La FEB plaide pour le maintien des intérêts notionnels

La FEB a lancé un appel au futur gouvernement pour qu'il maintienne le système des intérêts notionnels. La fédération estime qu'il a aidé les entreprises à mieux traverser la crise.

La Fédération des entreprises de Belgique (FEB) a appelé jeudi le gouvernement qui sortira des prochaines élections fédérales à maintenir le régime controversé des intérêts notionnels.

"Si nous voulons continuer à attirer des entreprises internationales en Belgique, il est essentiel de ne pas supprimer les intérêts notionnels. C'est un appel que je lance au futur gouvernement", a plaidé jeudi, Philippe Lambrecht, administrateur-secrétaire général de la FEB.
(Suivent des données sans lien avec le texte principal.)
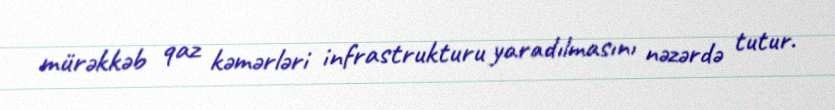
mürəkkəb qaz kəmərləri infrastrukturu yaradılmasını nəzərdə tutur.
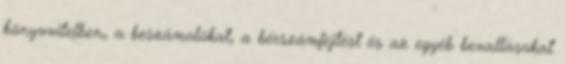
könyvvitelben, a beszámolókat, a bérszámfejtést és az egyéb bevallásokat
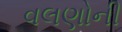
વલણોની
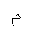
Letter: _mim
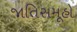
જાતિસમૂહો
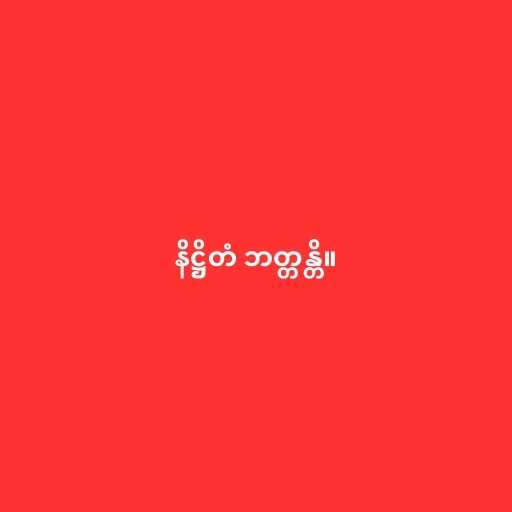
နိဋ္ဌိတံ ဘတ္တန္တိ။
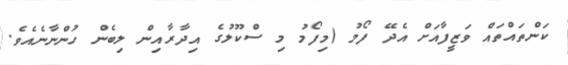
ކަންތައްތައް ވަޒީފާއަށް އެދޭ ފޯމު (މިފޯމު މި ސްކޫލުގެ އިދާރާއިން ލިބެން ހުންނާނެއެވެ.
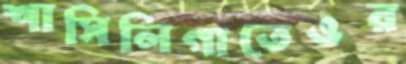
শাসিলিগাতেওর
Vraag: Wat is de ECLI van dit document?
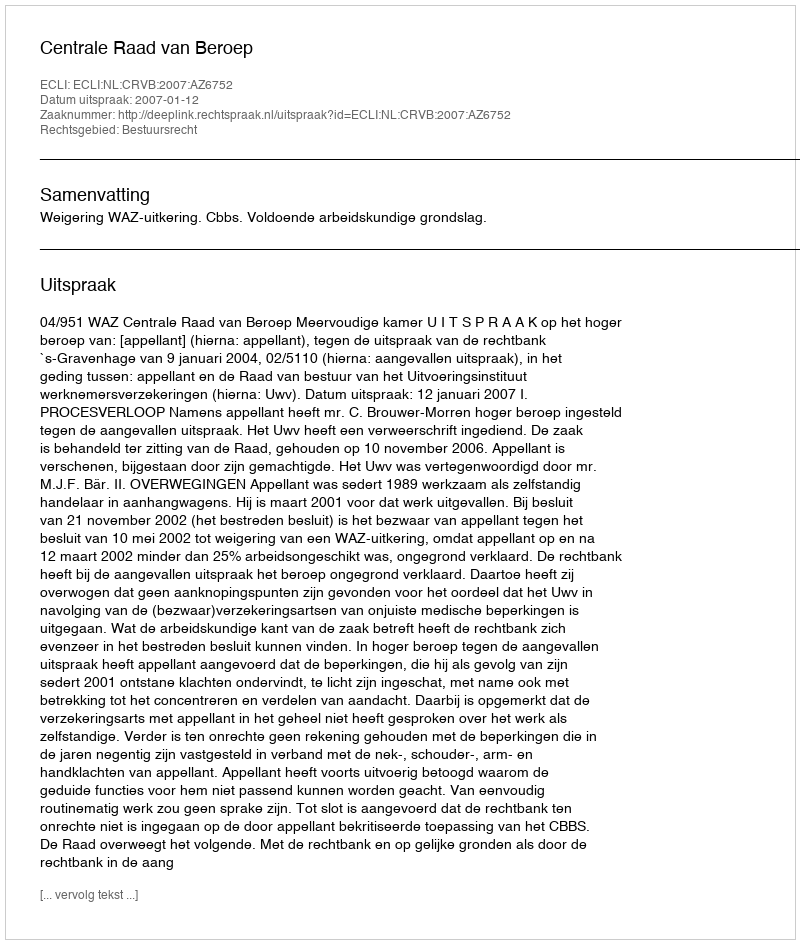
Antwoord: ECLI:NL:CRVB:2007:AZ6752
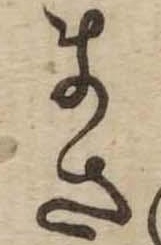
まさ
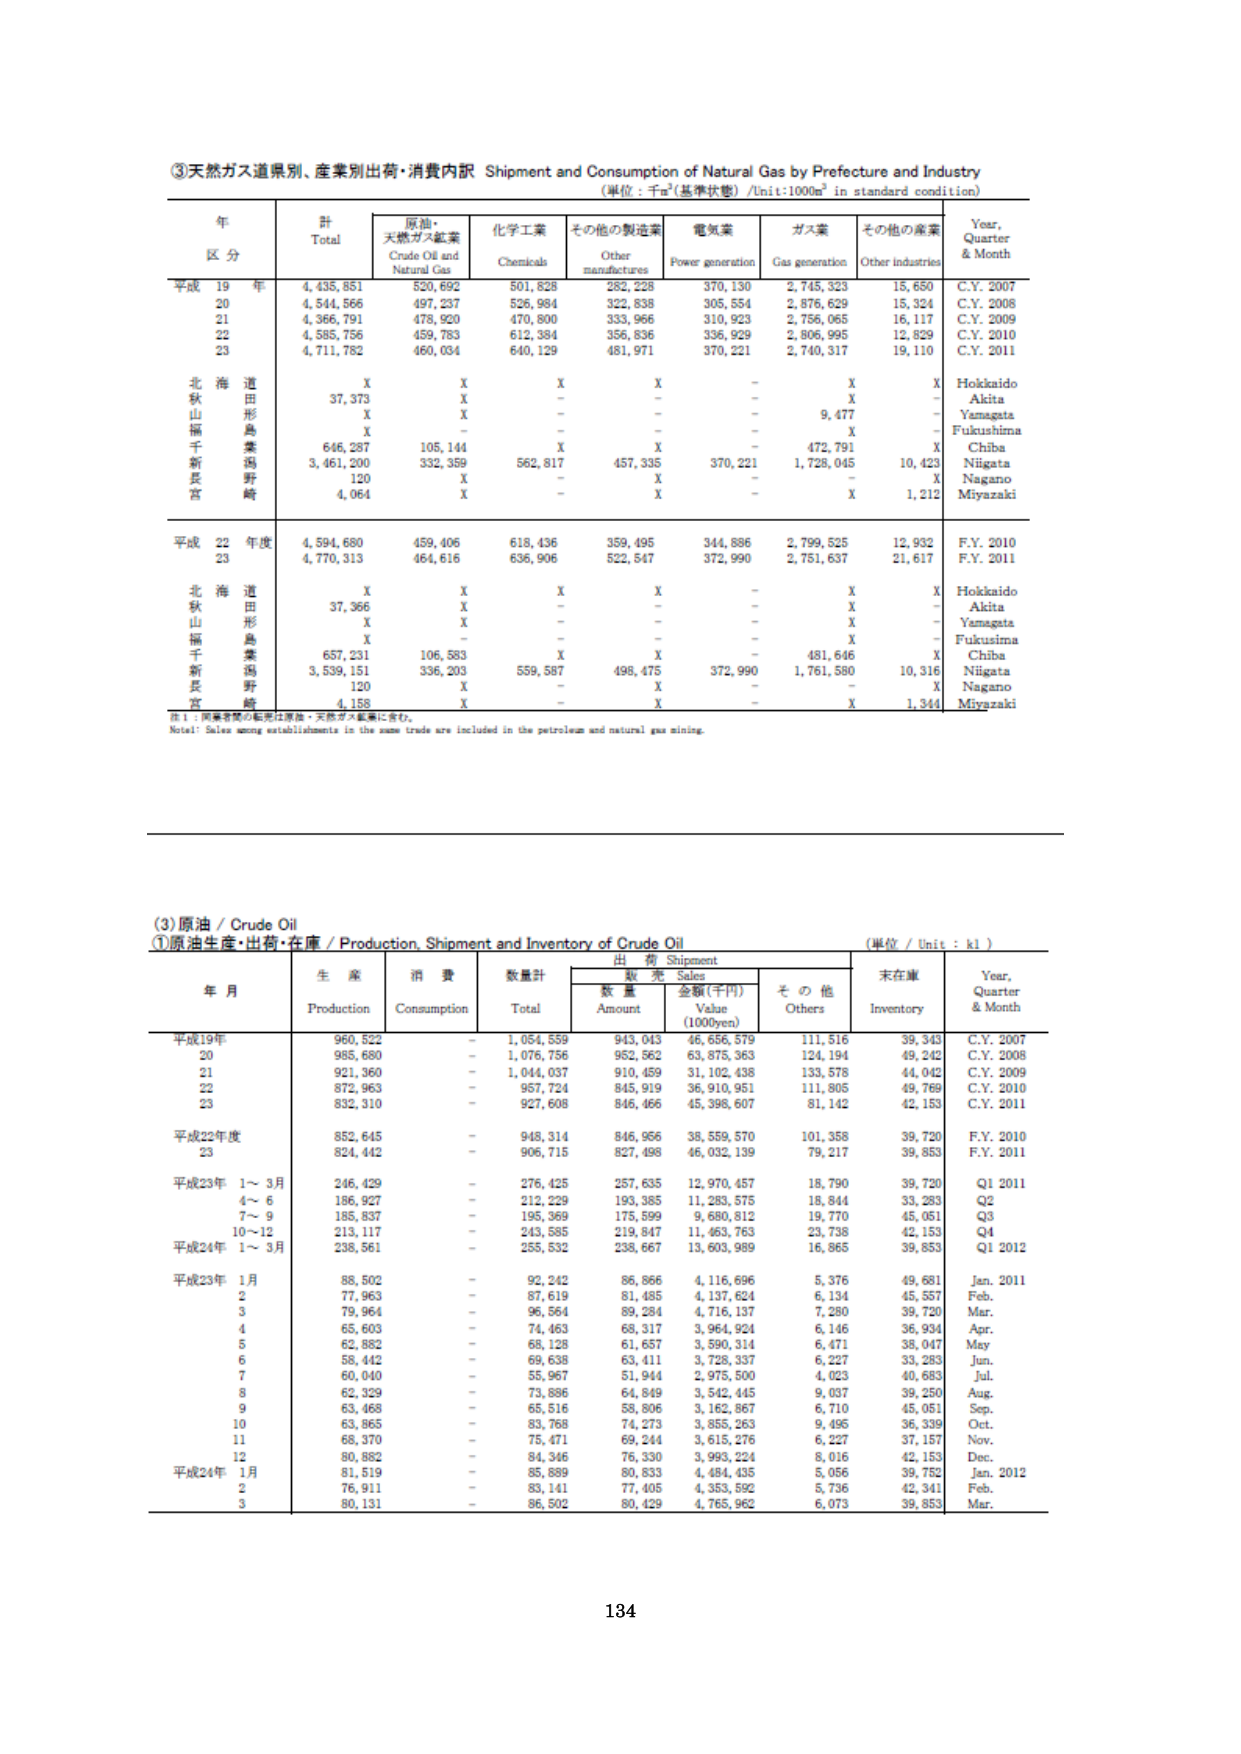
③天然ガス出荷別、産業別出荷・消費内訳 Shipment and Consumption of Natural Gas by Prefecture and Industry
(単位：千m³(基準状態) /Unit:1000m³ in standard condition)

年
区分
計
Total
原油・天然ガス鉱業
Crude Oil and Natural Gas
化学工業
Chemicals
その他の製造業
Other manufacturers
電気業
Power generation
ガス業
Gas generation
その他の産業
Other industries
Year, Quarter & Month

平成 19 年
4,435,851
520,692
501,528
282,228
370,130
2,745,323
15,650
C.Y. 2007
20
4,544,566
497,237
526,984
322,838
305,554
2,876,629
15,324
C.Y. 2008
21
4,366,791
478,920
470,800
333,966
310,923
2,756,065
16,117
C.Y. 2009
22
4,585,756
459,783
612,384
356,836
336,929
2,806,996
12,829
C.Y. 2010
23
4,711,782
460,034
640,129
481,971
370,221
2,740,317
19,110
C.Y. 2011

北海道
X
X
X
X
-
X
X
Hokkaido
秋田
37,373
X
-
-
-
X
-
Akita
山形
X
X
-
-
-
9,477
-
Yamagata
福島
X
-
-
-
-
X
-
Fukushima
千葉
646,287
105,144
X
X
-
472,791
X
Chiba
新潟
3,461,200
332,359
562,817
457,335
370,221
1,728,045
10,423
Niigata
長野
120
X
-
X
-
-
X
Nagano
宮崎
4,064
X
-
X
-
X
1,212
Miyazaki

平成 22 年度
4,594,680
459,406
618,436
359,495
344,886
2,799,525
12,932
F.Y. 2010
23
4,770,313
464,616
636,906
522,547
372,990
2,751,637
21,617
F.Y. 2011

北海道
X
X
X
X
-
X
X
Hokkaido
秋田
37,366
X
-
-
-
X
-
Akita
山形
X
X
-
-
-
X
-
Yamagata
福島
X
-
-
-
-
X
-
Fukushima
千葉
657,231
106,583
X
X
-
481,646
X
Chiba
新潟
3,539,151
336,203
559,587
498,475
372,990
1,761,580
10,316
Niigata
長野
120
X
-
X
-
-
X
Nagano
宮崎
4,158
X
-
X
-
X
1,344
Miyazaki

注1：同業者間の販売は原油・天然ガス鉱業に含む。
Note1: Sales among establishments in the same trade are included in the petroleum and natural gas mining.

(3) 原油 / Crude Oil
①原油生産・出荷・在庫 / Production, Shipment and Inventory of Crude Oil
(単位 / Unit : kl)

年月
生産
Production
消費
Consumption
数量計
Total
出荷 Shipment
その他
Others
未在庫
Inventory
Year, Quarter & Month

数量
Amount
金額(千円)
Value (1000yen)

平成19年
960,522
-
1,054,559
943,043
46,656,579
111,516
39,343
C.Y. 2007
20
985,680
-
1,076,756
952,562
63,875,363
124,194
49,242
C.Y. 2008
21
921,360
-
1,044,037
910,459
31,102,438
133,578
44,042
C.Y. 2009
22
872,963
-
957,724
845,919
36,910,951
111,805
49,769
C.Y. 2010
23
832,310
-
927,608
846,466
45,398,607
81,142
42,153
C.Y. 2011

平成22年度
852,645
-
948,314
846,956
38,559,570
101,358
39,720
F.Y. 2010
23
824,442
-
906,715
827,498
46,032,139
79,217
39,853
F.Y. 2011

平成23年 1～3月
246,429
-
276,425
257,635
12,970,457
18,790
39,720
Q1 2011
4～6
186,927
-
212,229
193,385
11,283,575
18,844
33,283
Q2
7～9
185,837
-
195,369
175,599
9,680,812
19,770
45,051
Q3
10～12
213,117
-
243,585
219,847
11,463,763
23,738
42,153
Q4

平成24年 1～3月
238,561
-
255,532
238,667
13,603,989
16,865
39,853
Q1 2012

平成23年 1月
88,502
-
92,242
86,866
4,116,696
5,376
49,681
Jan. 2011
2
77,963
-
87,619
81,485
4,137,624
6,134
45,557
Feb.
3
79,964
-
96,564
89,284
4,716,137
7,280
39,720
Mar.
4
65,603
-
74,463
68,317
3,964,924
6,146
36,934
Apr.
5
62,882
-
68,128
61,657
3,590,314
6,471
38,047
May
6
58,442
-
69,638
63,411
3,728,337
6,227
33,283
Jun.
7
60,040
-
55,967
51,944
2,975,500
4,023
40,683
Jul.
8
62,329
-
73,886
64,849
3,542,445
9,037
39,250
Aug.
9
63,468
-
65,516
58,806
3,162,867
6,710
45,051
Sep.
10
63,865
-
83,768
74,273
3,855,263
9,495
36,339
Oct.
11
68,370
-
75,471
69,244
3,615,276
6,227
37,157
Nov.
12
80,882
-
84,346
76,330
3,993,224
8,016
42,153
Dec.

平成24年 1月
81,519
-
85,889
80,833
4,484,435
5,056
39,752
Jan. 2012
2
76,911
-
83,141
77,405
4,353,592
5,736
42,341
Feb.
3
80,131
-
86,502
80,429
4,765,962
6,073
39,853
Mar.

134
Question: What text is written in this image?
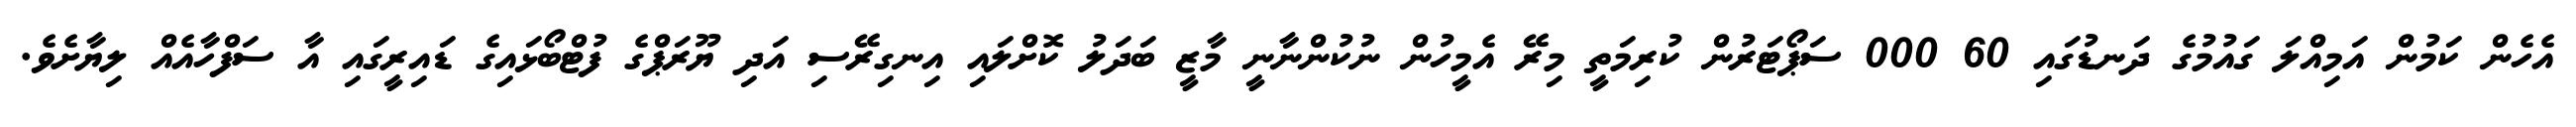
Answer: އެހެން ކަމުން އަމިއްލަ ގައުމުގެ ދަނޑުގައި 60 000 ސަޕޯޓަރުން ކުރިމަތީ މިރޭ އެމީހުން ނުކުންނާނީ މާޒީ ބަދަލު ކޮށްލައި އިނގިރޭސި އަދި ޔޫރަޕްގެ ފުޓްބޯޅައިގެ ޑައިރީގައި އާ ސަފްހާއެއް ލިޔާށެވެ.
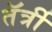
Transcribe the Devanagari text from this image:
तॅर्त्री
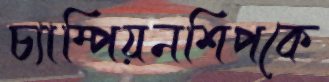
চ্যাম্পিয়নশিপকে
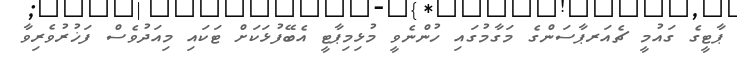
ޕާޓީގެ ގައުމީ ޗެއަރޕާސަންގެ މަގާމުގައި ހުންނެވީ މުޅިމިޕާޓީ އެބޭފުޅަކަށް ޓަކައި މިއަދުވެސް ފަޚުރުވެރިވާ
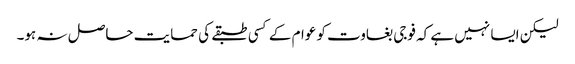
لیکن ایسا نہیں ہے کہ فوجی بغاوت کو عوام کے کسی طبقے کی حمایت حاصل نہ ہو۔
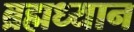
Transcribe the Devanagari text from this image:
ब्रह्मध्यान
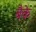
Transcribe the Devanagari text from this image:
बैके

"Avec un taux de fiscalité champion du monde toute catégorie et un coût du travail parmi les plus hauts du monde, comment voulez-vous encore attirer des entreprises (...) si ce n'est avec les intérêts notionnels? ", a-t-il souligné.

Selon la FEB, l'existence de ce régime de réduction fiscale au bénéfice des entreprises leur a permis de mieux traverser la crise économique actuelle.

"Heureusement qu'il y avait les intérêts notionnels, sans quoi un nombre encore plus grand d'entreprises aurait fait faillite", a encore assuré M. Lambrecht, qualifiant de "purement idéologiques" les critiques adressées à ce système.

Outre la question des recettes de l'Etat, la FEB a pressé jeudi la classe politique du pays à s'interroger sur ses dépenses.

"La complexité de notre pays fait qu'il y a des taxes à tous les niveaux. Cela a un coût. Il est temps de se demander si cela est raisonnable", a dénoncé M. Lambrecht, citant notamment "le nombre d'emplois dans la fonction publique".
"On dépense plus que notre capacité de contribution. A force d'épuiser la vache à lait, elle n'aura plus de lait", a-t-il conclu.